Hey Barzan, it's great to have you on our show today. Thanks for joining us. Could you give a quick introduction to yourself for our listeners? 

[00:00:38] Barzan Mozafari: Sure. Thanks for having me. I'm, uh, co-founder Keebo. Square data learning platform. Prior to Keebo, I was in academia. I was a professor specializing in machine learning and database systems at the University of Michigan.

And prior to that I was at a few other universities, MIT and UCLA. Before that I also worked for a number of companies along the way, but I've spent the last two decades of my career at intersection of AI and database system. So happy to tell you more about what we do, but in a nutshell, that's my background.

I've been doing databases in ML for quite time now. 

[00:01:10] Megan Bowers: That's great. Yeah. I'm excited to pick your brain and hear about your expertise from all that experience. 

But I'd love to just start off with a little bit more about your company, Keebo. If you could just tell us what you do, what the company's mission is, and how your technology works.

[00:01:27] Barzan Mozafari: Sure. So we're data learning platform and our mission is to empower data teams to take control and drive growth through automation. So from a high level, what we do is that our platform learns from how users and applications interact with the data in the cloud, and then uses that to automate and accelerate the tedious aspects of the interaction between the data team and their data in the cloud.

And by doing that, and you can talk about how it does it, but by doing that, you know, we significantly reduce the amount of manual time that has to be spent on optimizing and operating these data pipelines. We reduce the cost of the infrastructure. Where's the cloud data warehouse and whatnot. But we also boost performance as a result of the authorizations that we actually do on behalf of the customer.

[00:02:09] Megan Bowers: Gotcha. 

So what do you mean when you talk about data learning platform, like learning how people use their data? What does that really mean? 

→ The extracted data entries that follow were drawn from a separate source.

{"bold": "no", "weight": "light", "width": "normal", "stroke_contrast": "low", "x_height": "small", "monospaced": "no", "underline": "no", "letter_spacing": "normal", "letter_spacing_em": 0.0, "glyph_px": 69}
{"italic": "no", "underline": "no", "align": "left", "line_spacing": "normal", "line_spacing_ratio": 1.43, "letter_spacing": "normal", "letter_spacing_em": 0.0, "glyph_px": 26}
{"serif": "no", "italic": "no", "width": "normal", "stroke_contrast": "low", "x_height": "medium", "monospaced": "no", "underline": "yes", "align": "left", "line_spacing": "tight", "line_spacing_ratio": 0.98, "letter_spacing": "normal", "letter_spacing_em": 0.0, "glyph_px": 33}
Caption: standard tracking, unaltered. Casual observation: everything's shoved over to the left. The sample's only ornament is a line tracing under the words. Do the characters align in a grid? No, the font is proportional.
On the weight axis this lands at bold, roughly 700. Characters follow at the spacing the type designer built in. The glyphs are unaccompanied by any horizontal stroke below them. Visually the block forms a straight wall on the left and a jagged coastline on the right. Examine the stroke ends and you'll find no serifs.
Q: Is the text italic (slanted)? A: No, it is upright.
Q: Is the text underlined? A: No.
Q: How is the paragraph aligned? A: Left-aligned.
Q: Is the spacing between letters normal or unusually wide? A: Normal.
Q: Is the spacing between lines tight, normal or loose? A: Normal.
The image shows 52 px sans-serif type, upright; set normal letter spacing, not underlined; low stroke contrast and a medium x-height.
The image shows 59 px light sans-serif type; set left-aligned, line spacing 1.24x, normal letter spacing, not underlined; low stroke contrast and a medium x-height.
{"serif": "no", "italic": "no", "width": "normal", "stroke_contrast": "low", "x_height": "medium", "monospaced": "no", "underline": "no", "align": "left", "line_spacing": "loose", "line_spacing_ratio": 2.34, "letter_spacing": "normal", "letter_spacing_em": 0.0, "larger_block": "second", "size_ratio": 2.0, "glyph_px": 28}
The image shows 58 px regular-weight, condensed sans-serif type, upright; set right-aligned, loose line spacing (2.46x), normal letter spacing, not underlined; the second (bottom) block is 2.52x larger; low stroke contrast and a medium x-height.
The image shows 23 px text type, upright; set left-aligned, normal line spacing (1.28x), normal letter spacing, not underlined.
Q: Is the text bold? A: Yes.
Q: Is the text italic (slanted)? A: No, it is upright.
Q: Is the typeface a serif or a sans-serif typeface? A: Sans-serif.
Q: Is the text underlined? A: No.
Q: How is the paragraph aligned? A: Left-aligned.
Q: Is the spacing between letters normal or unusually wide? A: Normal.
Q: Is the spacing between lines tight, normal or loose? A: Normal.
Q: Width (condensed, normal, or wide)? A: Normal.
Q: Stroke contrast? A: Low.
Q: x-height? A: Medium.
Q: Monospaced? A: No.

[00:02:18] Barzan Mozafari: So if you think about it, like, you know, just to give a bit of context for your viewers, the likes of Snowflake and Google's BigQuery and Amazon Redshift, what they've really done is that.

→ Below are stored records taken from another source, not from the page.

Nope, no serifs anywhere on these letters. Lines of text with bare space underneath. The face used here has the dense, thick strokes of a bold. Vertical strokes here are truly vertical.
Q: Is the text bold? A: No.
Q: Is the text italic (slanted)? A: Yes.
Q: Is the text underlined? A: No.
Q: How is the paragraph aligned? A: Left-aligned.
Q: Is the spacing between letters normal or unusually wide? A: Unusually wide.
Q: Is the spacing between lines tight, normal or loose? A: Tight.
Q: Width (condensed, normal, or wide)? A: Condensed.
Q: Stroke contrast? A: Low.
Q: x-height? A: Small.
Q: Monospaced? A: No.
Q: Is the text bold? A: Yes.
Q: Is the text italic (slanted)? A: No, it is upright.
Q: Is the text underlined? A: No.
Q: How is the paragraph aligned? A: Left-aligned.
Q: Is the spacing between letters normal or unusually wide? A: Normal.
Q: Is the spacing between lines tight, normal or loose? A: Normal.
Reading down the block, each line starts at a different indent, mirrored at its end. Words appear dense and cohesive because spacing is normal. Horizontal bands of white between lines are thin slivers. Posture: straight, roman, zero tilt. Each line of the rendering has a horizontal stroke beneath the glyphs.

They've enabled companies to innovate very quickly, uh, and tap into their data with veto upfront investment and efforts, right? You can, uh, you know, you now have a lot more data teams and a lot more users tapping into their data and trying to drive value from it, and that's great by the way, because that has reduced the CapEx barrier, the upfront barrier.

But what that has done is that now there's more users and applications that are tapping into data and they're actually combining more data sources. They're creating more complex data pipelines. As a result of this, you have today's data pipeline, which are incredibly complex. You know, they cost a lot to, to run and operate.

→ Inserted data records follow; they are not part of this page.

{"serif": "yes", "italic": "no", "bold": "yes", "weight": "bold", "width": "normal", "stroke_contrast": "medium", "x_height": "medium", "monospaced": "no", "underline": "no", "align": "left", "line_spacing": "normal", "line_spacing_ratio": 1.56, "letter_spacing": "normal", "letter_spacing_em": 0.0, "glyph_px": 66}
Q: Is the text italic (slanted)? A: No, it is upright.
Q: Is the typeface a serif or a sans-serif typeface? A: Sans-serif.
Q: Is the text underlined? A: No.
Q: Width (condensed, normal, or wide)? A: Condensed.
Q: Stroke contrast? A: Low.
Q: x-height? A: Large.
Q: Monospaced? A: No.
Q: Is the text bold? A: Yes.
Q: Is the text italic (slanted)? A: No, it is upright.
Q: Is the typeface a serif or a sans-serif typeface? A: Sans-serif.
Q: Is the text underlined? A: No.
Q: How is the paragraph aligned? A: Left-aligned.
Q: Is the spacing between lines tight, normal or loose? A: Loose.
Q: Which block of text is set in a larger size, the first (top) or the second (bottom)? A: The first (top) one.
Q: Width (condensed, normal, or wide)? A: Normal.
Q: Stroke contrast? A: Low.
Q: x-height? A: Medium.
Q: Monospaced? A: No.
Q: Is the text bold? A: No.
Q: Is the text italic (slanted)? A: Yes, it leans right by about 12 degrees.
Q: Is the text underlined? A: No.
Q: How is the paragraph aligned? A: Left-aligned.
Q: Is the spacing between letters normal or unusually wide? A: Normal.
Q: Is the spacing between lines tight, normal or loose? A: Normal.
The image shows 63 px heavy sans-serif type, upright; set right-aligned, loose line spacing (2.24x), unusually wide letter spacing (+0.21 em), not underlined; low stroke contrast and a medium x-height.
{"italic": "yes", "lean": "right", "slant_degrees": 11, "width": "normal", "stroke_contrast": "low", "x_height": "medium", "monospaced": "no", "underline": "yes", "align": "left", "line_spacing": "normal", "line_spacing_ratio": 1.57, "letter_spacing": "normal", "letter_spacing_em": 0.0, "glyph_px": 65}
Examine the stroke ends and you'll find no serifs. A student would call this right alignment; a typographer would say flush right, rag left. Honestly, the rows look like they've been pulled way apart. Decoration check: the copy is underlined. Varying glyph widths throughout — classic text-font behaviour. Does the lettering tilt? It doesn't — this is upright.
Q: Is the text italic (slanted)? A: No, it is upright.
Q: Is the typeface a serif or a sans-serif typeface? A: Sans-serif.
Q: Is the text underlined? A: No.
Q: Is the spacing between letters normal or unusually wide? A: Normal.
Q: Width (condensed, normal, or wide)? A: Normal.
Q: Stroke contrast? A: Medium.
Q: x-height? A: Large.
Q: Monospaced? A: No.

The cost of customer snowflake goes through the roof. And that means that you need a lot of data engineers to constantly fine tune these data pipelines and optimize these queries one at a time, and then try to keep the cost within reason. And what keyboard does is that we actually go in there and then we analyze the metadata performance telemetry.

Like, Hey, how are these users creating the database? What are these queries doing? What are the resources they need? And then. You know, for example, one of the models we use is reinforcement learning, where our agent for each customer, we train a different, a unique agent where it basically plays with different levers, like for example.

Maybe if you have a large data warehouse here, do you need a large 24 7? Maybe There are times where you need an X large. There are times where you can get away with a small or even an X small and starts making these changes in real time transparently from the user. So they still manage to get their job done by the significantly lower cost because of all these real time optimizations that we do By having learned how these queries interact with the data, what kind of resources they need, what time they come in, what time they finish.

What queries work well together when they're run simultaneously, what needs to run on which kind of warehouse, and there's a lot of these complex decisions that they're just not humanly possible for someone to stare at like 1 million queries and say, you know what? I think tonight between 2:00 AM and two 7:00 AM This warehouse instead of a large, should be medium, but that, that's the advantage of ai.

I call it an infinitely competent, infinitely patient DBA. It basically can analyze and, you know, sift through tens of millions of transactions and log entries and figure out what's the optimal thing to do for the user based on whatever SLA that they have in mind. 

[00:04:44] Megan Bowers: I love that. And infinitely patient database administrator.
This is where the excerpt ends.